The Chief is back, Il Capo è tornato. Noel Gallagher e i suoi High Flying Birds si sono esibiti ieri sera al BBC Theatre per un concerto speciale dopo le tre date di Londra che hanno fatto registrare il sold out, con i tagliandi che sono stati venditi in sei minuti. Di fronte a trecento fortunati, l’ex leader degli Oasis, si è cimentato nei pezzi del nuovo album uscito il 18 ottobre e già in testa alla classifiche britanniche, senza disdegnare i grandi classici della sua vecchia band. Polo grigia e jeans scuri, con il suo tipico sorriso nostalgico sul volto, Noel Gallagher ha scherzato con il pubblico in sala, non sono mancati gli accenni al suo Manchester City sempre più vincente e qualche colpo inatteso come la versione di Supersonic acustica. Il concerto è stato aperto proprio da due pezzi degli Oasis, It’s good to be free e Mucky Fingers tratta dal penultimo cd della band di Manchester.
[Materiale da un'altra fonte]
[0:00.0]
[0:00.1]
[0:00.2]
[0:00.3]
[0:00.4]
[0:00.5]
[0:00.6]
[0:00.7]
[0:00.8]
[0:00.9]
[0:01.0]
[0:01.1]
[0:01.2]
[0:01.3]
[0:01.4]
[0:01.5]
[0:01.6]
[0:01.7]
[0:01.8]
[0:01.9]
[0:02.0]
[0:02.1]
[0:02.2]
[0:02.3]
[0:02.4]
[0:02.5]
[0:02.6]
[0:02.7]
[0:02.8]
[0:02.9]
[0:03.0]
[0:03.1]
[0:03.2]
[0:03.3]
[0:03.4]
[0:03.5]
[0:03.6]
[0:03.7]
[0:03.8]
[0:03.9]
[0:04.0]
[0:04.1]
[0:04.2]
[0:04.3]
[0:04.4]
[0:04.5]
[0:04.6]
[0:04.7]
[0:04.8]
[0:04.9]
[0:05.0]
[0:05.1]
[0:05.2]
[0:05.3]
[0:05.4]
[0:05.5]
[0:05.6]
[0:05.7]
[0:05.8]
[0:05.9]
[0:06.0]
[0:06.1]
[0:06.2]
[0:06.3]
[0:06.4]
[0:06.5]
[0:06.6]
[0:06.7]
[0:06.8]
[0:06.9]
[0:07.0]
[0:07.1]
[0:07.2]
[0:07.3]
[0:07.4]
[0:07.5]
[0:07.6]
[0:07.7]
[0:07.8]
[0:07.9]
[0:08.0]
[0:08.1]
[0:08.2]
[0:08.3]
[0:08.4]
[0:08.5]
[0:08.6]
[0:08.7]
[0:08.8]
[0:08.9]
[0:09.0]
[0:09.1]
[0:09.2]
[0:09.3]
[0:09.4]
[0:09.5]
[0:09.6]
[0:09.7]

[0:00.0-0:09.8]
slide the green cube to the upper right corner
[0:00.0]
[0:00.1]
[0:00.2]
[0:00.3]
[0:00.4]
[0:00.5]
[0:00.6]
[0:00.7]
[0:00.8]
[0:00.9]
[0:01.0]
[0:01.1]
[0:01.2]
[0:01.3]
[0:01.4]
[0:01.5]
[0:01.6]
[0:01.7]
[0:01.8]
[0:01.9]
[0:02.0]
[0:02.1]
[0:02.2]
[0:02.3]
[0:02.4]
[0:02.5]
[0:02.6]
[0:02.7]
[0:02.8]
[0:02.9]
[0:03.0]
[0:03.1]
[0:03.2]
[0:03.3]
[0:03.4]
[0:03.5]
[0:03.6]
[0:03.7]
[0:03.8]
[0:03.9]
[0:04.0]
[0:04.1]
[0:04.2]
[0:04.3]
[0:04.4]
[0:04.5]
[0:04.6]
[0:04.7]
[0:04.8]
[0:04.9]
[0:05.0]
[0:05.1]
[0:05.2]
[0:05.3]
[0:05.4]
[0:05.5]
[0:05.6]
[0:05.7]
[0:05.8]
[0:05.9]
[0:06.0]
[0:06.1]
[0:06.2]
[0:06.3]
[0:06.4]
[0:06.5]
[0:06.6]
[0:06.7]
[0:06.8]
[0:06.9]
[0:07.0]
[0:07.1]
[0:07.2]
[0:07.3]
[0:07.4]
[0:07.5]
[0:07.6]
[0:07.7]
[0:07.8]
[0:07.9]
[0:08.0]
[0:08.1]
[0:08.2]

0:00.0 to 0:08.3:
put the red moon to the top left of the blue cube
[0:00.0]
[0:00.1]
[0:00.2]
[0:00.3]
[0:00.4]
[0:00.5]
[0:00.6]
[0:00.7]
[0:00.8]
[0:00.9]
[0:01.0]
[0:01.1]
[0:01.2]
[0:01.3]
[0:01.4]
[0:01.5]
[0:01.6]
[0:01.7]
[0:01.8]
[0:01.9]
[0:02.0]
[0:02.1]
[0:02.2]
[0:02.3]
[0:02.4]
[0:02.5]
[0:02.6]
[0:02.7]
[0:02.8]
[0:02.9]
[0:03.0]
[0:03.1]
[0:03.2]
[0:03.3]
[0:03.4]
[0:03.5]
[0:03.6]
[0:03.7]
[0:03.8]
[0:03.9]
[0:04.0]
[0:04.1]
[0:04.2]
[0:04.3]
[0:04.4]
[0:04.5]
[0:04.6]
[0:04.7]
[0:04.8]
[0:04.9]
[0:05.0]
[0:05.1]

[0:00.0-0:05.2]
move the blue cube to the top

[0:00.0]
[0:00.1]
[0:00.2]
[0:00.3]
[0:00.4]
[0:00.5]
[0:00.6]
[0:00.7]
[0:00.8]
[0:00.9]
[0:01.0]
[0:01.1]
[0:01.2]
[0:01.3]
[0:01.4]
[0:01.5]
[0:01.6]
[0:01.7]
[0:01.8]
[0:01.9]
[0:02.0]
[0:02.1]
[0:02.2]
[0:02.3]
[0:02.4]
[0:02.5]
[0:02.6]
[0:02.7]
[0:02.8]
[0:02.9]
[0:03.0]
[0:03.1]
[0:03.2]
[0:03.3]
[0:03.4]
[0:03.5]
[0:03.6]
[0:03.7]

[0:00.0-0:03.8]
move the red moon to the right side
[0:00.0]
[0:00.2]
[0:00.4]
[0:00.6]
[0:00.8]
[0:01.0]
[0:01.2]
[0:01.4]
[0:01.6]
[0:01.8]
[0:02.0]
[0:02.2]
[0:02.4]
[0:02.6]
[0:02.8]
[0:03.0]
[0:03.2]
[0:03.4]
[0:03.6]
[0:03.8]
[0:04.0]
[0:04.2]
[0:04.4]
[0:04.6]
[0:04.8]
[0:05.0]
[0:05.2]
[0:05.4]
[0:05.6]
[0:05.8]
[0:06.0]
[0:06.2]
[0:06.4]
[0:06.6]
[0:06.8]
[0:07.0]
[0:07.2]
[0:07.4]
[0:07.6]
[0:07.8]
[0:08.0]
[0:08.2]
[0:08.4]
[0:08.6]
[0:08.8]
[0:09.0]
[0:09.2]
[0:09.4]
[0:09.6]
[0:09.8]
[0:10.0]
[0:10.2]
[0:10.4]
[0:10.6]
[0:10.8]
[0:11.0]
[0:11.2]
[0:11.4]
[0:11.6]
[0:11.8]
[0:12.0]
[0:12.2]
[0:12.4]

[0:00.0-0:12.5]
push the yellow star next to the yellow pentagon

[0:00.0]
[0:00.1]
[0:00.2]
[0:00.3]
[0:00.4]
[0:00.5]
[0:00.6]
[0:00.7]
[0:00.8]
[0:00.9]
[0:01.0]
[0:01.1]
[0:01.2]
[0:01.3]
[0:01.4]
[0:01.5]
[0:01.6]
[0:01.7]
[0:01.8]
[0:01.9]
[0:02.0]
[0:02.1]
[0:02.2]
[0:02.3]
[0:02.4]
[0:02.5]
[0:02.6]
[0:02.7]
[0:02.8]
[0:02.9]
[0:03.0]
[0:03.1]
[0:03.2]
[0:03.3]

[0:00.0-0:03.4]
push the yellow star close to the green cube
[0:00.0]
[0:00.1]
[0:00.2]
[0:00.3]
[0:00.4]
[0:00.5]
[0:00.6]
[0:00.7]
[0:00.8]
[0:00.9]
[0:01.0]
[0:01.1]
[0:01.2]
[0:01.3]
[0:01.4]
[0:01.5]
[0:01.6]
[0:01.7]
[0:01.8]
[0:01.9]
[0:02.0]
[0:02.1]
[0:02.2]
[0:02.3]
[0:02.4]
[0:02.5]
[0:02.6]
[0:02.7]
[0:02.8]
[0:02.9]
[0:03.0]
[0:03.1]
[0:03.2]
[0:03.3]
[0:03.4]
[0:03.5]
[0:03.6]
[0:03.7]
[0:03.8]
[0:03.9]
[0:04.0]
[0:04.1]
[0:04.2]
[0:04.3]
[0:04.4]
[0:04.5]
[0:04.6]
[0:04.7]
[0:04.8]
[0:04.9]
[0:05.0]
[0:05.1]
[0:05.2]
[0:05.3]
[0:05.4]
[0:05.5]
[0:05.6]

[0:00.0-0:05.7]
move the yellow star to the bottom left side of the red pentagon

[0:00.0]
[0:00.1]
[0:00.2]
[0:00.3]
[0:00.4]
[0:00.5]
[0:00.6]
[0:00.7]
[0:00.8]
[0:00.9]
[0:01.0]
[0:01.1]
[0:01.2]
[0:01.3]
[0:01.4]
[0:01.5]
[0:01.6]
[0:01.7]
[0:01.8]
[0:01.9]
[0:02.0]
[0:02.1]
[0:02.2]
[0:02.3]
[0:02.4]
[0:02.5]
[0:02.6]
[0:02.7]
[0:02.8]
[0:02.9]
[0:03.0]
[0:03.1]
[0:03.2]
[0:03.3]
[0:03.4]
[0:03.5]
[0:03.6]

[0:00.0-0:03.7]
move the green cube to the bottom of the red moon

Subito dopo è stato il momento delle nuove canzoni che sono già dei successi indiscussi, il singolo da poco uscito If I had a gun e The death of you and me testo dentro al quale qualcuno rintraccia dei riferimenti al fratello Liam e alla loro separazione anche se il cantante ha smentito in diverse occasioni tale chiave di lettura. Chitarra elettrica ma anche acustica, è stato il turno anche di Wonderwall e dell’immancabile Don’t look back in anger passando per The good rebel b-side del nuovo disco per concludere con le intramontabili Talk Tonight e Half the world away canzoni storiche, amate dal pubblico e sempre presenti durante questi concert intimi e per pochi eletti. Un’ora e mezza di bella musica, il tour prosegue senza soste, a fine novembre Noel sarà a Milano anche se per il 2012 indiscrezioni lo vorrebbero ancora nel nostro paese molto probabilmente a Roma e Firenze. Sempre per il prossimo anno, in primavera, dovrebbe uscire l’altro disco che il cantautore inglese ha già dichiarato di aver finito e che avrà delle sfumature di rock psichedelico con qualche esperimento musicale interessante. Mentre le voci su una possibile reunion degli Oasis per il 2015, in concomitanza con il ventennale di What’s the story morning glory?, continuano a circolare, il maggiore dei fratelli Gallagher è ripartito del tutto e con un grande entusiasmo condiviso dai fans e della critica.

Il Capo è tornato e con lui, il suo inconfondibile sound.